ITS analysis for Pacbio generated data sets

Keegan-Evans · February 1, 2023, 4:58pm

Any there is a question of workflows and pipelines come up, there are a couple of great resources on our website that often answer basic questions and help get you oriented to the problem: QIIME 2 for Experienced Microbiome Researchers and Overview of QIIME 2 plugin workflows.

That being said, your case is somewhat complicated by a few things that are a little outside of typical QIIME 2 workflows, namely your PacBio sequencing data and your targeting of ITS.

For quality control and deneoising with PacBio sequencing data, the best tool that we have right now is denoise-ccs found in q2-DADA2(DOCS).
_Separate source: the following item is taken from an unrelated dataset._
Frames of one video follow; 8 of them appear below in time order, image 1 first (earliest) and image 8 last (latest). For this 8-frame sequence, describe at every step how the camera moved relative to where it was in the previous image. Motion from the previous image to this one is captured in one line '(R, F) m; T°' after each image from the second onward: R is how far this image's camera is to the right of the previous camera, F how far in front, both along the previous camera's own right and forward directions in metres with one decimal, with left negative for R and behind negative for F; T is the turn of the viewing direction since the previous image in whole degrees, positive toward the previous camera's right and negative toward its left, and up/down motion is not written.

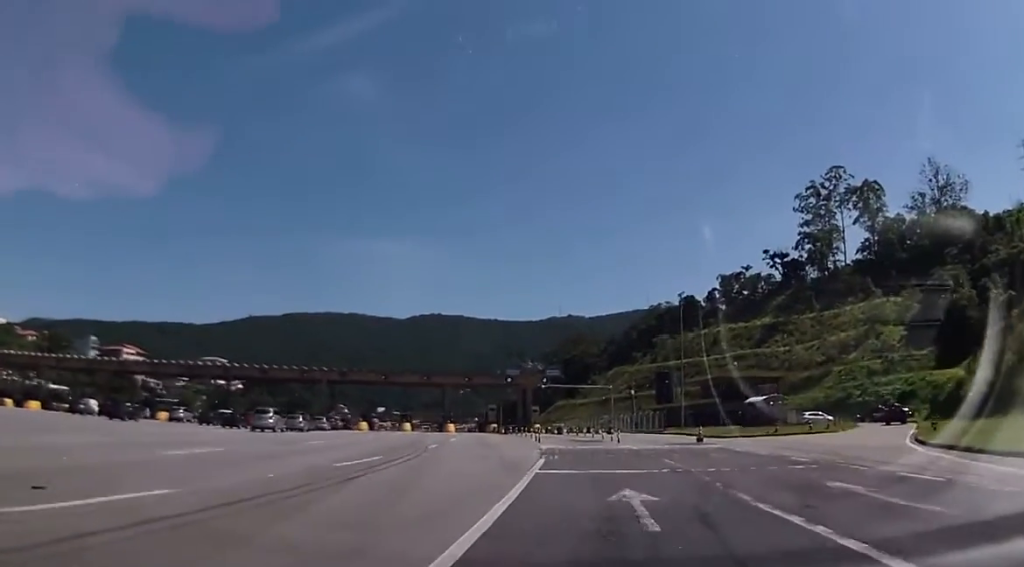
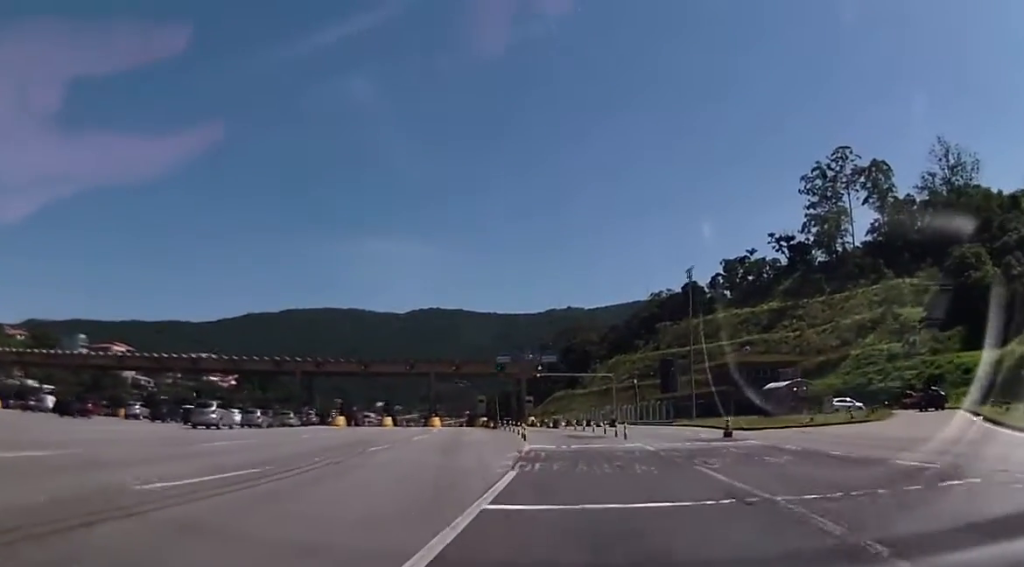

As far as I am aware, there are not really "forward" or "reverse" reads, rather the genetic material is sequenced continuously in a loop until the quality scores rise to an acceptable level, so what you are seeing with your raw sequencing data makes a lot of sense, and the DADA2 method does dereplicate them as needed as well. You will want to import your raw sequencing data with the type SampleData[SequencesWithQuality] to feed it into q2-DADA2.

After running through q2-DADA2, you should be left with a FeatureTable[Frequency] and a FeatureData[Sequence] that you can use for any of the typical downstream QIIME 2 workflows. To look at ITS specifically, checkout the ITS Fungal Analysis tutorial and the q2-ITSexpress tutorial.